/---

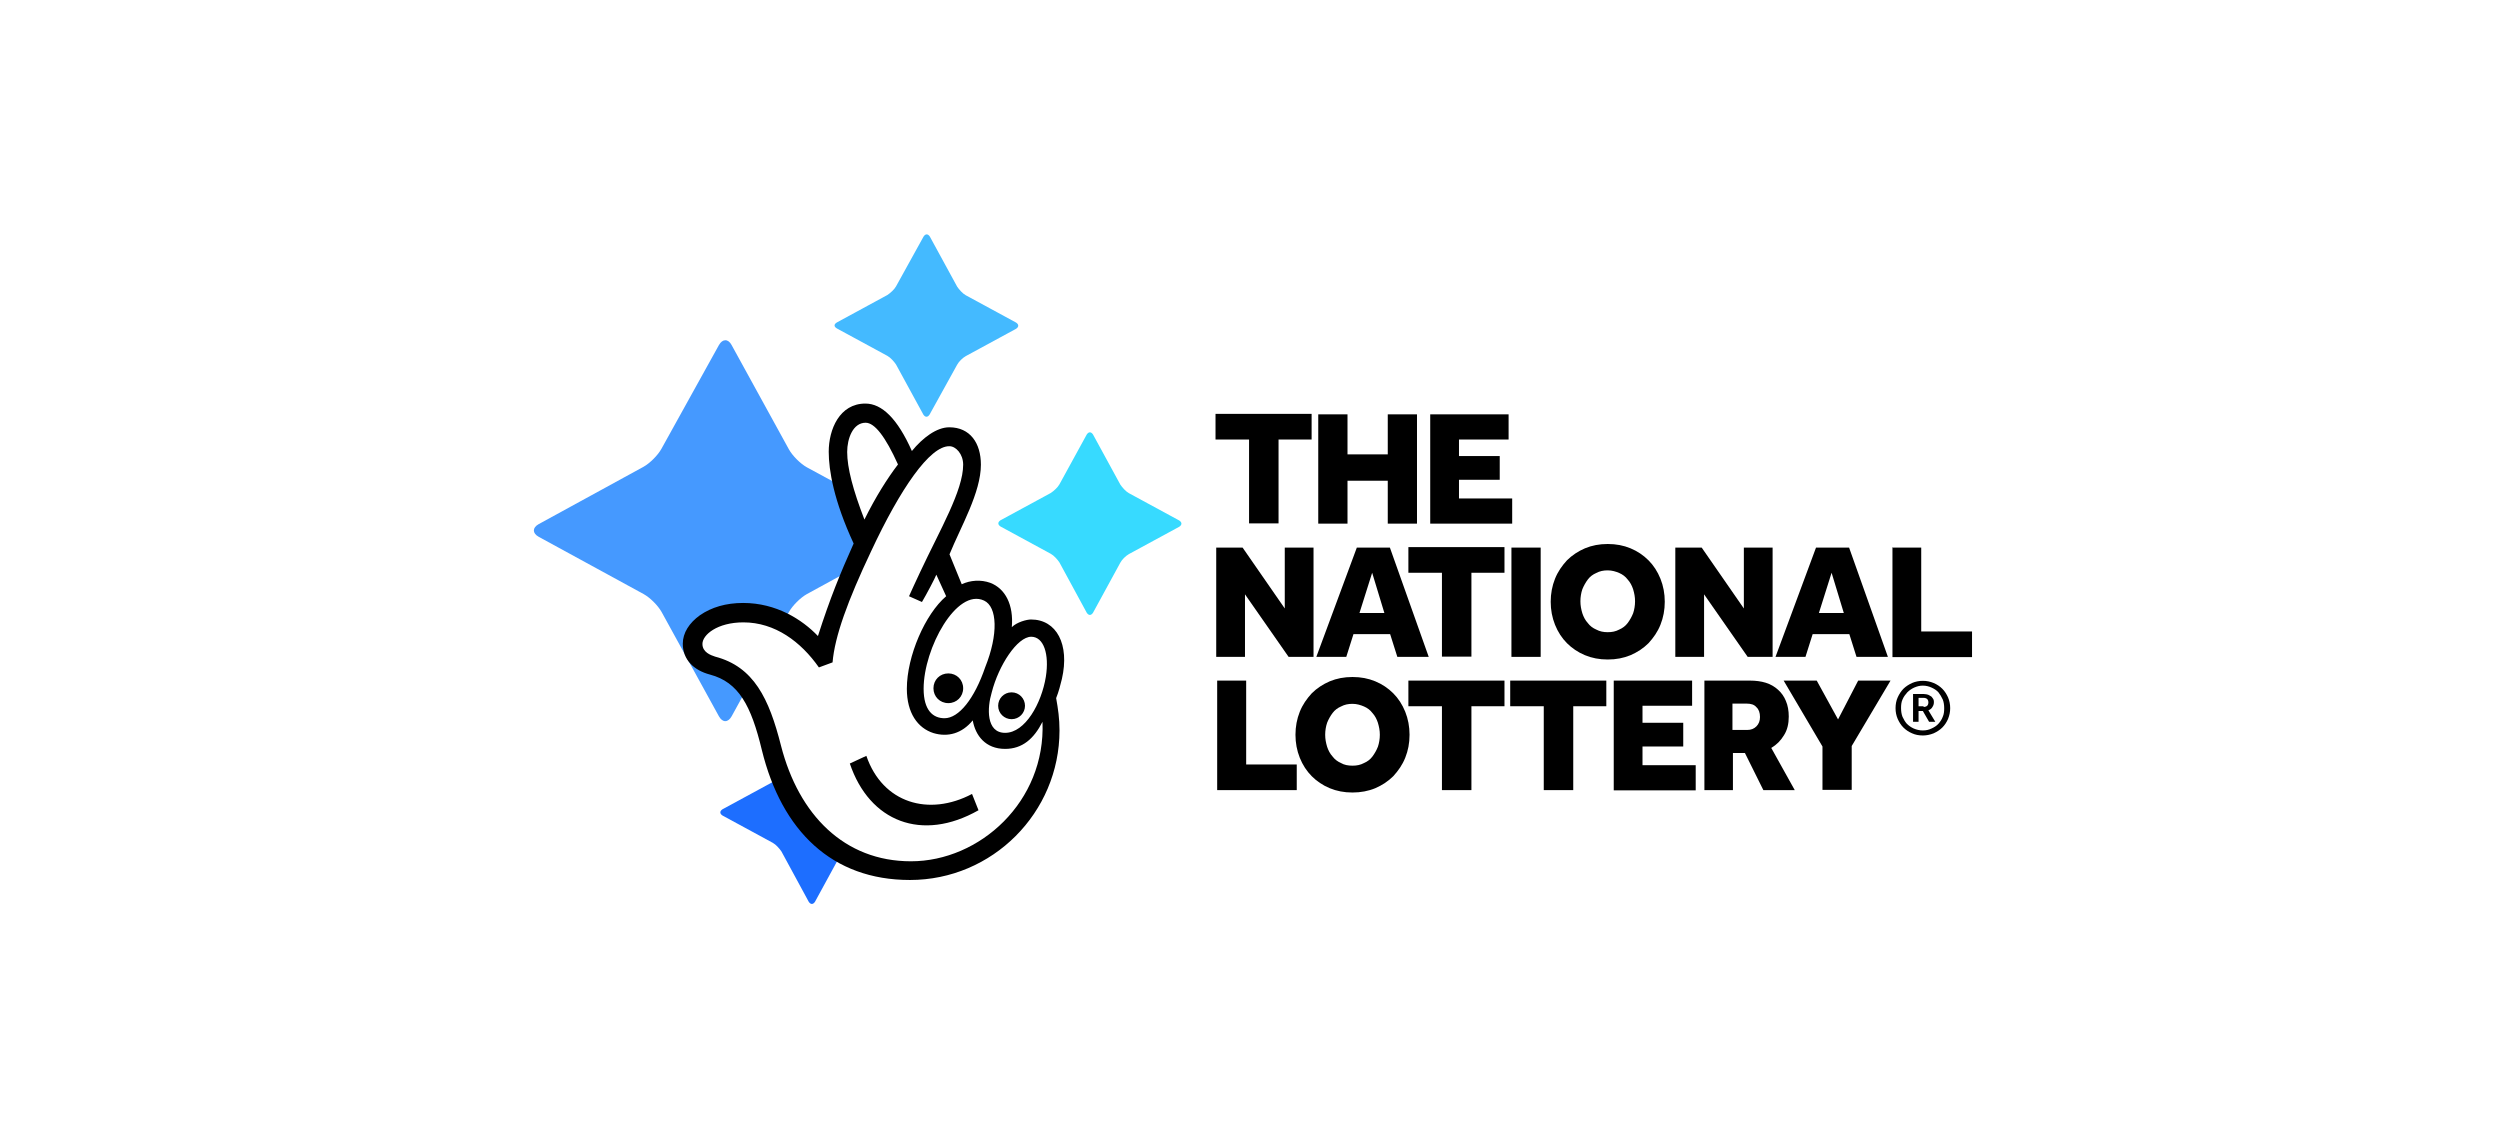 <svg width="192" height="88" viewBox="0 0 192 88" fill="none" xmlns="http://www.w3.org/2000/svg">
<rect width="192" height="88" fill="white"/>
<path d="M62.112 55.564C62.259 55.343 62.443 55.343 62.59 55.564L64.688 59.411C64.836 59.632 65.112 59.945 65.351 60.074L69.216 62.172C69.474 62.319 69.474 62.503 69.216 62.65L65.351 64.748C65.093 64.896 64.817 65.172 64.688 65.411L62.59 69.258C62.443 69.478 62.259 69.478 62.112 69.258L60.014 65.392C59.866 65.172 59.59 64.859 59.351 64.73L55.486 62.632C55.265 62.485 55.265 62.3 55.486 62.153L59.351 60.055C59.572 59.908 59.885 59.632 60.014 59.392L62.112 55.564Z" fill="#1D6EFF"/>
<path d="M55.213 26.503C55.489 26.006 55.931 26.006 56.189 26.503L60.587 34.509C60.864 35.006 61.471 35.614 61.968 35.89L70.011 40.252C70.508 40.528 70.508 40.951 70.011 41.227L61.968 45.626C61.471 45.902 60.864 46.509 60.587 47.006L56.189 55.012C55.913 55.509 55.489 55.509 55.213 55.012L50.814 47.006C50.538 46.509 49.931 45.902 49.434 45.626L41.373 41.227C40.876 40.951 40.876 40.528 41.373 40.252L49.416 35.853C49.913 35.577 50.52 34.969 50.796 34.472L55.213 26.503Z" fill="#4599FF"/>
<path d="M70.931 18.166C71.078 17.945 71.263 17.945 71.41 18.166L73.508 22.012C73.655 22.233 73.931 22.546 74.17 22.675L78.035 24.773C78.256 24.92 78.256 25.104 78.035 25.252L74.17 27.35C73.913 27.497 73.637 27.773 73.508 28.012L71.391 31.84C71.244 32.061 71.06 32.061 70.913 31.84L68.815 27.994C68.667 27.773 68.391 27.46 68.152 27.331L64.287 25.233C64.029 25.086 64.029 24.902 64.287 24.755L68.152 22.656C68.373 22.509 68.686 22.233 68.815 21.994L70.931 18.166Z" fill="#44BAFF"/>
<path d="M83.463 33.368C83.611 33.147 83.795 33.147 83.942 33.368L86.04 37.215C86.187 37.435 86.463 37.748 86.703 37.877L90.568 39.975C90.788 40.123 90.788 40.307 90.568 40.454L86.703 42.552C86.445 42.699 86.169 42.975 86.04 43.215L83.942 47.061C83.795 47.282 83.611 47.282 83.463 47.061L81.365 43.196C81.218 42.975 80.942 42.663 80.703 42.534L76.838 40.435C76.617 40.288 76.617 40.104 76.838 39.957L80.703 37.859C80.923 37.712 81.236 37.435 81.365 37.196L83.463 33.368Z" fill="#37DAFF"/>
<path d="M69.955 67.528C64.213 67.528 60.182 63.994 58.636 57.607C57.863 54.368 56.943 52.38 54.605 51.773C53.299 51.405 52.562 50.577 52.562 49.454C52.562 48.644 53.041 47.908 53.869 47.319C54.753 46.712 55.894 46.399 57.127 46.399C60.09 46.399 62.096 48.166 62.814 48.92L62.906 49.012L62.943 48.902C63.863 46.031 64.636 44.117 65.685 41.797V41.779V41.742C64.102 38.319 63.771 36.018 63.771 34.693C63.771 32.945 64.636 31.049 66.532 31.049C67.783 31.049 68.943 32.245 70.01 34.675L70.066 34.767L70.121 34.675C71.004 33.534 72.053 32.871 72.937 32.871C74.409 32.871 75.311 33.957 75.311 35.687C75.311 37.288 74.483 39.11 73.654 40.859C73.379 41.448 73.121 42.018 72.9 42.552V42.589L73.894 44.963L73.949 44.926C74.335 44.761 74.759 44.669 75.164 44.669C75.495 44.669 75.808 44.724 76.102 44.834C77.262 45.276 77.869 46.528 77.704 48.184L77.667 48.35L77.777 48.239C78.145 47.871 78.863 47.687 79.194 47.687C79.949 47.687 80.556 47.963 80.998 48.515C81.661 49.325 81.863 50.669 81.55 52.196C81.458 52.583 81.329 53.135 81.109 53.632V53.669V53.706C81.256 54.534 81.366 55.252 81.366 56.172C81.366 62.411 76.25 67.528 69.955 67.528Z" fill="white"/>
<path d="M79.18 47.577C78.849 47.577 78.094 47.779 77.707 48.166C77.855 46.454 77.21 45.203 76.051 44.761C75.333 44.503 74.523 44.558 73.861 44.871L72.922 42.571C73.806 40.417 75.333 37.822 75.333 35.687C75.333 34.031 74.505 32.816 72.904 32.816C71.928 32.816 70.861 33.626 70.033 34.638C68.928 32.153 67.732 30.994 66.462 30.994C64.474 30.994 63.646 32.982 63.646 34.693C63.646 36.111 64.033 38.448 65.56 41.742C64.529 44.043 63.757 45.92 62.818 48.847C61.603 47.577 59.615 46.307 57.075 46.307C55.75 46.307 54.646 46.638 53.763 47.245C52.934 47.834 52.438 48.607 52.438 49.436C52.438 50.65 53.266 51.479 54.536 51.81C56.726 52.399 57.683 54.166 58.511 57.607C60.039 63.828 63.904 67.583 69.885 67.583C76.217 67.583 81.37 62.411 81.37 56.098C81.37 55.178 81.26 54.442 81.112 53.614C81.315 53.117 81.444 52.583 81.554 52.141C82.161 49.491 81.149 47.577 79.18 47.577ZM75.573 46.123C76.603 46.601 76.677 48.718 75.665 51.239C74.836 53.669 73.64 55.16 72.536 55.16C71.652 55.16 70.934 54.552 70.934 52.896C70.934 49.785 73.474 45.147 75.573 46.123ZM65.063 34.712C65.063 33.681 65.505 32.466 66.48 32.466C67.18 32.466 68.008 33.552 68.965 35.669C68.137 36.755 67.254 38.153 66.388 39.902C65.505 37.62 65.063 35.926 65.063 34.712ZM69.959 66.147C64.842 66.147 61.346 62.577 59.983 57.276C59.063 53.632 57.885 51.203 54.922 50.429C54.591 50.319 53.947 50.098 53.947 49.454C53.947 48.755 55.088 47.798 57.094 47.798C59.523 47.798 61.511 49.288 62.892 51.258L63.941 50.871C64.106 48.883 65.1 46.141 66.904 42.331C69.149 37.528 71.413 34.233 72.922 34.27C73.401 34.27 73.971 34.859 73.971 35.687C73.971 37.675 72.204 40.657 70.677 43.914C70.511 44.245 69.812 45.791 69.812 45.791L70.806 46.233C71.137 45.681 71.836 44.356 71.91 44.135L72.665 45.791C71.063 47.153 69.646 50.374 69.646 52.896C69.646 54.755 70.474 55.914 71.689 56.301C72.793 56.632 73.879 56.337 74.707 55.325C74.91 56.485 75.683 57.515 77.192 57.515C78.517 57.515 79.401 56.742 80.063 55.436C80.321 61.565 75.241 66.147 69.959 66.147ZM80.321 51.975C79.99 54.018 78.738 56.282 77.192 56.282C75.72 56.282 75.812 54.35 76.161 53.19C76.695 51.092 78.131 48.902 79.198 48.902C80.155 48.902 80.597 50.227 80.321 51.975ZM75.149 62.227C70.806 64.693 66.775 63.111 65.266 58.638L66.536 58.049C67.787 61.693 71.339 62.724 74.652 60.975L75.149 62.227ZM73.971 52.859C73.971 53.503 73.474 54 72.83 54C72.186 54 71.689 53.503 71.689 52.859C71.689 52.215 72.186 51.718 72.83 51.718C73.474 51.718 73.971 52.215 73.971 52.859ZM78.72 54.203C78.72 54.755 78.278 55.233 77.689 55.233C77.137 55.233 76.658 54.791 76.658 54.203C76.658 53.65 77.1 53.172 77.689 53.172C78.278 53.172 78.72 53.65 78.72 54.203Z" fill="black"/>
<path d="M95.928 33.755H93.352V31.785H100.732V33.755H98.192V40.196H95.928V33.755Z" fill="black"/>
<path d="M101.242 31.822H103.488V34.896H106.58V31.822H108.825V40.215H106.58V36.92H103.488V40.215H101.242V31.822Z" fill="black"/>
<path d="M109.805 31.822H115.86V33.755H112.05V35.025H115.179V36.847H112.05V38.282H116.136V40.215H109.841V31.822H109.805Z" fill="black"/>
<path d="M93.406 42.055H95.431L98.67 46.73V42.055H100.879V50.448H98.965L95.615 45.644V50.448H93.406V42.055Z" fill="black"/>
<path d="M104.204 42.055H106.744L109.726 50.448H107.315L106.762 48.699H103.947L103.394 50.448H101.094L104.204 42.055ZM106.321 47.08L105.382 43.988L104.407 47.08H106.321Z" fill="black"/>
<path d="M110.741 43.988H108.164V42.018H115.544V43.988H113.005V50.429H110.741V43.988Z" fill="black"/>
<path d="M116.078 42.055H118.324V50.448H116.078V42.055Z" fill="black"/>
<path d="M123.474 50.65C122.83 50.65 122.259 50.54 121.726 50.319C121.192 50.098 120.732 49.785 120.345 49.399C119.959 49.012 119.646 48.534 119.425 47.981C119.204 47.429 119.094 46.84 119.094 46.215C119.094 45.589 119.204 45 119.425 44.448C119.646 43.896 119.959 43.454 120.345 43.031C120.732 42.644 121.21 42.331 121.726 42.11C122.259 41.889 122.83 41.779 123.474 41.779C124.118 41.779 124.689 41.889 125.223 42.11C125.756 42.331 126.216 42.644 126.603 43.031C126.989 43.417 127.302 43.896 127.523 44.448C127.744 45 127.854 45.589 127.854 46.215C127.854 46.84 127.744 47.429 127.523 47.981C127.302 48.534 126.989 48.975 126.603 49.399C126.216 49.785 125.738 50.098 125.223 50.319C124.689 50.54 124.118 50.65 123.474 50.65ZM123.474 48.552C123.805 48.552 124.081 48.497 124.358 48.35C124.615 48.239 124.836 48.074 125.002 47.853C125.167 47.632 125.315 47.374 125.425 47.098C125.517 46.822 125.572 46.509 125.572 46.178C125.572 45.846 125.517 45.571 125.425 45.258C125.333 44.981 125.204 44.724 125.002 44.503C124.836 44.282 124.615 44.117 124.358 44.006C124.1 43.896 123.805 43.804 123.474 43.804C123.143 43.804 122.867 43.859 122.591 44.006C122.333 44.117 122.112 44.282 121.947 44.503C121.781 44.724 121.634 44.981 121.523 45.258C121.431 45.534 121.376 45.846 121.376 46.178C121.376 46.509 121.431 46.785 121.523 47.098C121.615 47.374 121.744 47.632 121.947 47.853C122.112 48.074 122.333 48.239 122.591 48.35C122.867 48.497 123.143 48.552 123.474 48.552Z" fill="black"/>
<path d="M128.664 42.055H130.689L133.928 46.73V42.055H136.136V50.448H134.222L130.873 45.644V50.448H128.664V42.055Z" fill="black"/>
<path d="M139.47 42.055H142.01L144.991 50.448H142.58L142.028 48.699H139.212L138.66 50.448H136.359L139.47 42.055ZM141.605 47.08L140.666 43.988L139.691 47.08H141.605Z" fill="black"/>
<path d="M145.305 42.055H147.55V48.497H151.452V50.466H145.341V42.074H145.305V42.055Z" fill="black"/>
<path d="M93.461 52.27H95.706V58.712H99.59V60.681H93.479V52.27H93.461Z" fill="black"/>
<path d="M103.873 60.865C103.228 60.865 102.658 60.755 102.124 60.534C101.59 60.313 101.13 60 100.744 59.614C100.357 59.227 100.044 58.748 99.823 58.196C99.603 57.644 99.492 57.055 99.492 56.429C99.492 55.804 99.603 55.215 99.823 54.663C100.044 54.111 100.357 53.669 100.744 53.245C101.13 52.859 101.609 52.546 102.124 52.325C102.658 52.104 103.228 51.994 103.873 51.994C104.517 51.994 105.087 52.104 105.621 52.325C106.155 52.546 106.615 52.859 107.001 53.245C107.388 53.632 107.701 54.111 107.922 54.663C108.142 55.215 108.253 55.804 108.253 56.429C108.253 57.074 108.142 57.644 107.922 58.196C107.701 58.748 107.388 59.19 107.001 59.614C106.615 60 106.136 60.313 105.621 60.534C105.087 60.755 104.498 60.865 103.873 60.865ZM103.873 58.804C104.204 58.804 104.48 58.748 104.756 58.601C105.014 58.491 105.235 58.325 105.4 58.104C105.566 57.883 105.713 57.626 105.823 57.35C105.915 57.074 105.971 56.761 105.971 56.429C105.971 56.098 105.915 55.822 105.823 55.509C105.731 55.233 105.603 54.975 105.4 54.755C105.235 54.534 105.014 54.368 104.756 54.258C104.498 54.147 104.204 54.055 103.873 54.055C103.541 54.055 103.265 54.111 102.989 54.258C102.731 54.368 102.511 54.534 102.345 54.755C102.179 54.975 102.032 55.233 101.922 55.509C101.83 55.785 101.774 56.098 101.774 56.429C101.774 56.761 101.83 57.037 101.922 57.35C102.014 57.626 102.142 57.883 102.345 58.104C102.511 58.325 102.731 58.491 102.989 58.601C103.228 58.748 103.541 58.804 103.873 58.804Z" fill="black"/>
<path d="M110.741 54.239H108.164V52.27H115.544V54.239H113.005V60.681H110.741V54.239Z" fill="black"/>
<path d="M118.561 54.239H115.984V52.27H123.365V54.239H120.825V60.681H118.561V54.239Z" fill="black"/>
<path d="M123.898 52.27H129.954V54.202H126.144V55.509H129.273V57.331H126.144V58.767H130.23V60.699H123.935V52.27H123.898Z" fill="black"/>
<path d="M130.917 52.27H134.395C134.837 52.27 135.26 52.325 135.61 52.435C135.978 52.546 136.309 52.748 136.549 52.969C136.806 53.19 137.027 53.503 137.156 53.834C137.303 54.166 137.377 54.589 137.377 55.031C137.377 55.583 137.267 56.061 137.009 56.466C136.751 56.889 136.457 57.184 136.033 57.442L137.837 60.681H135.426L134.009 57.828H133.089V60.681H130.898V52.27H130.917ZM134.175 56.061C134.487 56.061 134.708 55.969 134.892 55.785C135.076 55.601 135.168 55.362 135.168 55.067C135.168 54.736 135.076 54.478 134.892 54.313C134.727 54.11 134.469 54.037 134.138 54.037H133.052V56.061H134.175Z" fill="black"/>
<path d="M139.966 57.331L136.984 52.27H139.524L141.162 55.251L142.708 52.27H145.193L142.211 57.294V60.662H139.966V57.331Z" fill="black"/>
<path d="M147.676 56.485C147.363 56.485 147.087 56.429 146.848 56.319C146.59 56.209 146.37 56.061 146.185 55.877C145.983 55.675 145.854 55.454 145.744 55.215C145.633 54.957 145.578 54.681 145.578 54.386C145.578 54.092 145.633 53.797 145.744 53.558C145.854 53.319 146.001 53.08 146.185 52.896C146.37 52.712 146.609 52.564 146.848 52.454C147.106 52.343 147.382 52.288 147.676 52.288C147.971 52.288 148.228 52.343 148.504 52.454C148.762 52.564 148.983 52.712 149.167 52.896C149.37 53.098 149.498 53.319 149.609 53.558C149.719 53.816 149.774 54.092 149.774 54.386C149.774 54.681 149.719 54.939 149.609 55.215C149.498 55.472 149.351 55.693 149.167 55.877C148.983 56.061 148.744 56.209 148.504 56.319C148.228 56.429 147.952 56.485 147.676 56.485ZM147.676 56.098C147.934 56.098 148.155 56.043 148.339 55.951C148.541 55.859 148.725 55.748 148.873 55.583C149.02 55.417 149.13 55.252 149.204 55.049C149.296 54.847 149.314 54.626 149.314 54.386C149.314 54.147 149.278 53.908 149.204 53.724C149.112 53.522 149.001 53.337 148.873 53.172C148.725 53.006 148.541 52.896 148.339 52.804C148.136 52.712 147.916 52.656 147.676 52.656C147.419 52.656 147.235 52.712 147.014 52.804C146.811 52.896 146.627 53.025 146.48 53.172C146.333 53.337 146.204 53.503 146.112 53.724C146.02 53.926 146.001 54.147 146.001 54.386C146.001 54.626 146.038 54.865 146.112 55.049C146.204 55.252 146.314 55.436 146.443 55.583C146.59 55.73 146.774 55.859 146.977 55.951C147.198 56.043 147.419 56.098 147.676 56.098ZM146.922 53.301H147.75C147.897 53.301 148.008 53.337 148.081 53.356C148.173 53.393 148.247 53.448 148.339 53.503C148.394 53.558 148.449 53.65 148.486 53.706C148.523 53.797 148.523 53.853 148.523 53.926C148.523 54.074 148.486 54.184 148.412 54.294C148.357 54.405 148.247 54.497 148.1 54.552L148.633 55.436H148.155L147.676 54.607H147.345V55.436H146.922V53.301ZM147.731 54.294C147.842 54.294 147.952 54.258 148.008 54.202C148.063 54.147 148.1 54.055 148.1 53.945C148.1 53.834 148.063 53.742 148.008 53.687C147.952 53.632 147.842 53.595 147.731 53.595H147.345V54.239H147.731V54.294Z" fill="black"/>
</svg>

\---

Among the records above, find each line holding "white" and list it.

### Response area
<rect width="192" height="88" fill="white"/>
<path d="M69.955 67.528C64.213 67.528 60.182 63.994 58.636 57.607C57.863 54.368 56.943 52.38 54.605 51.773C53.299 51.405 52.562 50.577 52.562 49.454C52.562 48.644 53.041 47.908 53.869 47.319C54.753 46.712 55.894 46.399 57.127 46.399C60.09 46.399 62.096 48.166 62.814 48.92L62.906 49.012L62.943 48.902C63.863 46.031 64.636 44.117 65.685 41.797V41.779V41.742C64.102 38.319 63.771 36.018 63.771 34.693C63.771 32.945 64.636 31.049 66.532 31.049C67.783 31.049 68.943 32.245 70.01 34.675L70.066 34.767L70.121 34.675C71.004 33.534 72.053 32.871 72.937 32.871C74.409 32.871 75.311 33.957 75.311 35.687C75.311 37.288 74.483 39.11 73.654 40.859C73.379 41.448 73.121 42.018 72.9 42.552V42.589L73.894 44.963L73.949 44.926C74.335 44.761 74.759 44.669 75.164 44.669C75.495 44.669 75.808 44.724 76.102 44.834C77.262 45.276 77.869 46.528 77.704 48.184L77.667 48.35L77.777 48.239C78.145 47.871 78.863 47.687 79.194 47.687C79.949 47.687 80.556 47.963 80.998 48.515C81.661 49.325 81.863 50.669 81.55 52.196C81.458 52.583 81.329 53.135 81.109 53.632V53.669V53.706C81.256 54.534 81.366 55.252 81.366 56.172C81.366 62.411 76.25 67.528 69.955 67.528Z" fill="white"/>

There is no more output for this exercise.